RECORDED INFORMATION:
################
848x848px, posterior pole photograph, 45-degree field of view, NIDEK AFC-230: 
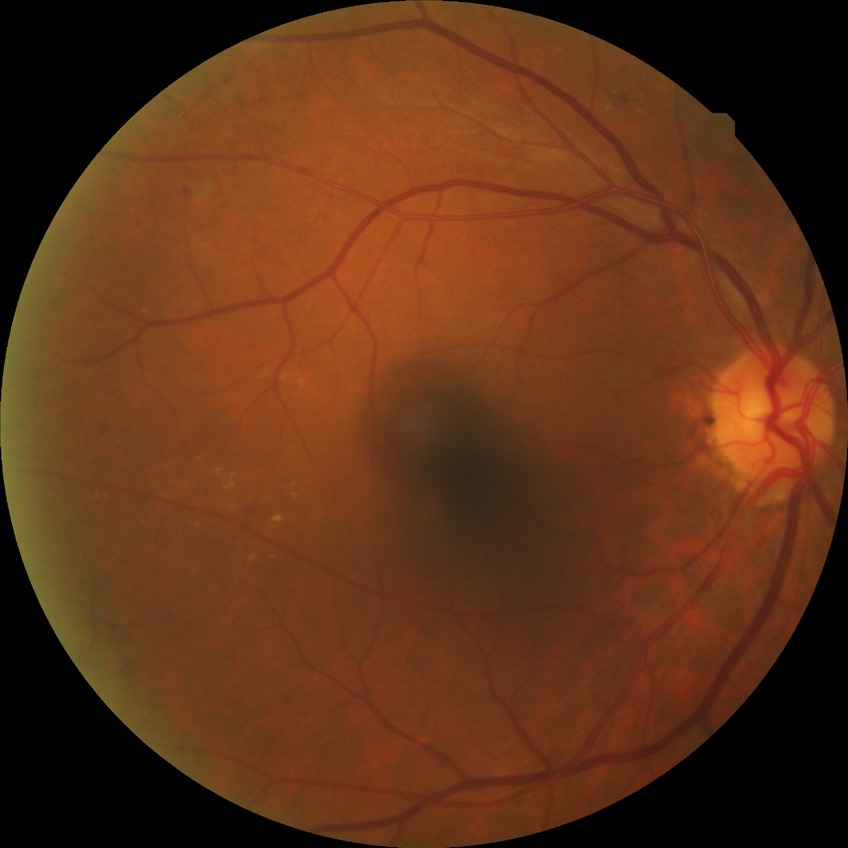

DR severity: SDR.
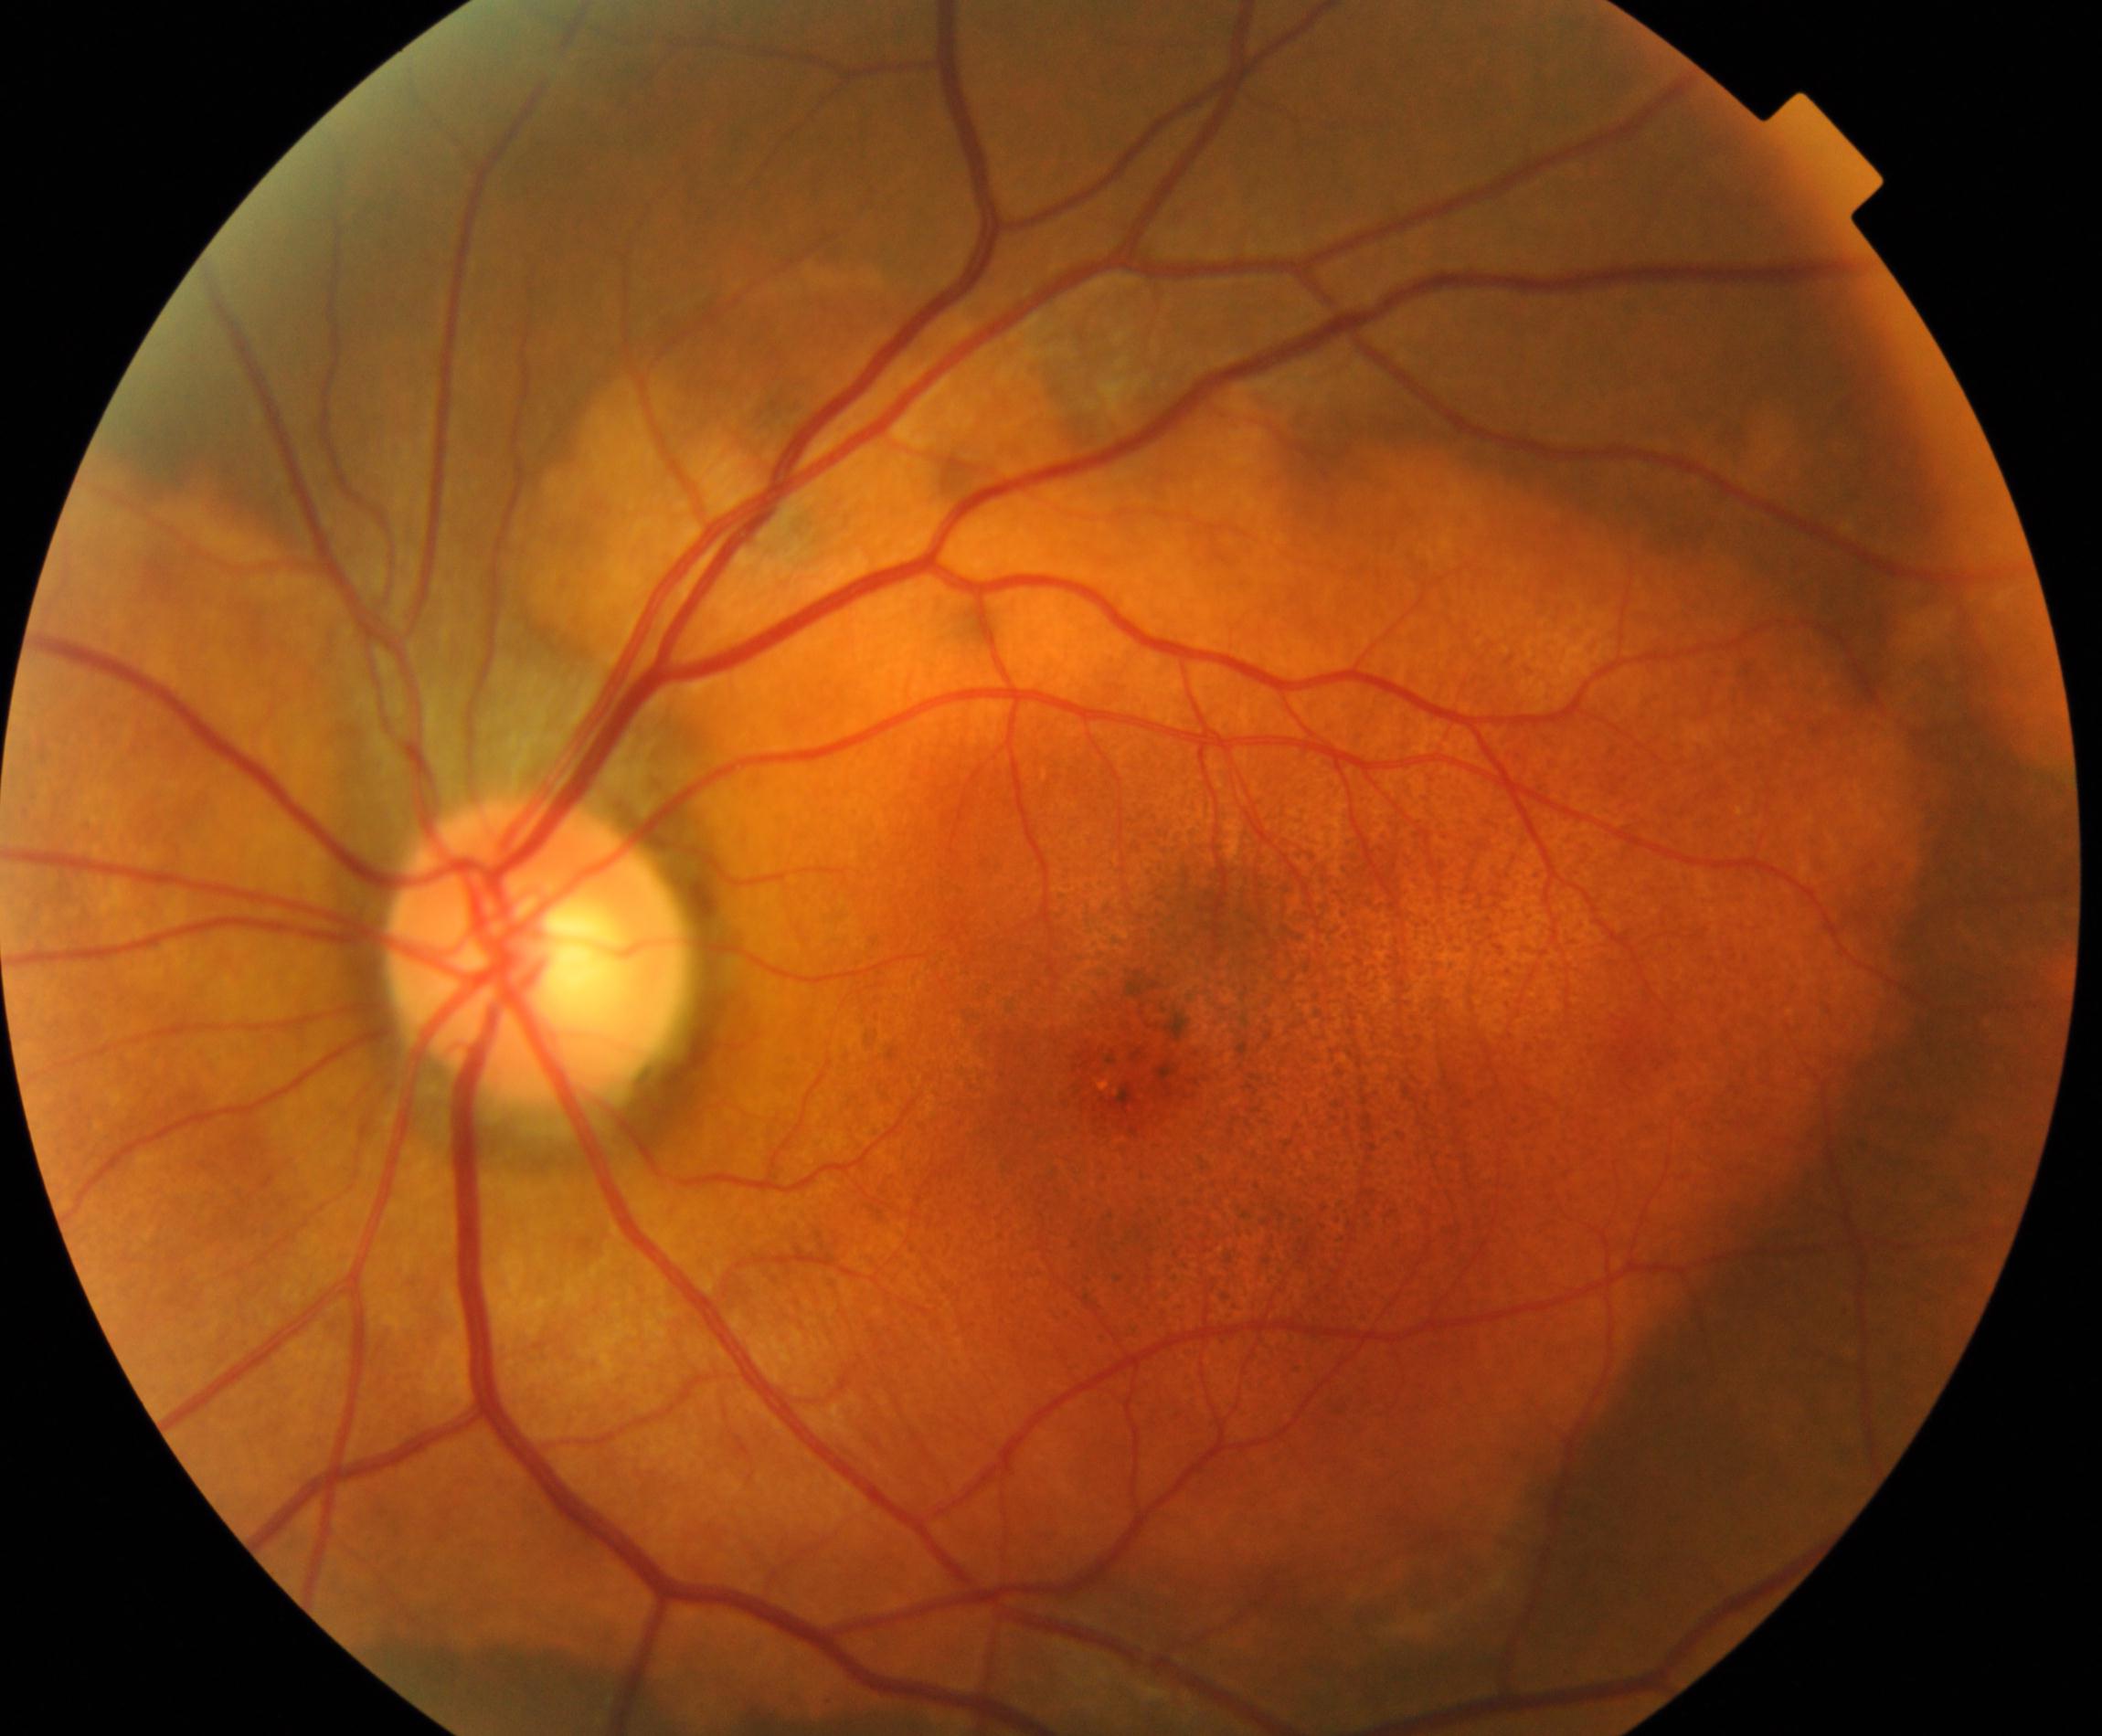
Diagnosis: fundus neoplasm.
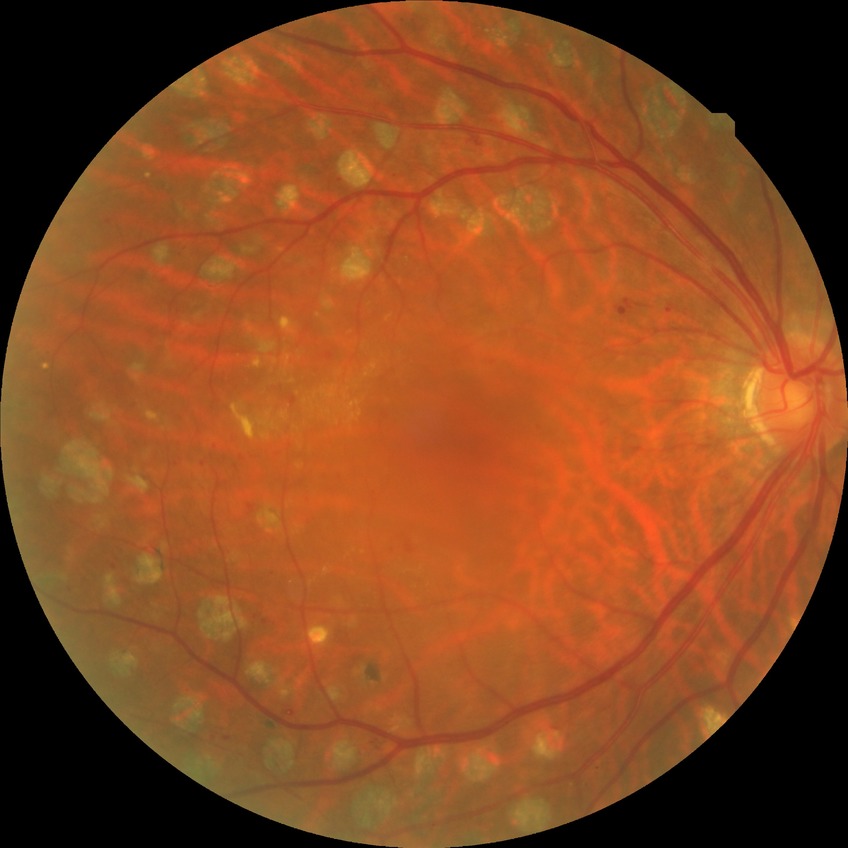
################
Leaving out only the pictures, reproduce the listing exactly.

SOLUTION TO THE EXERCISE:
848x848px, posterior pole photograph, 45-degree field of view, NIDEK AFC-230: 

DR severity: SDR.
Diagnosis: fundus neoplasm.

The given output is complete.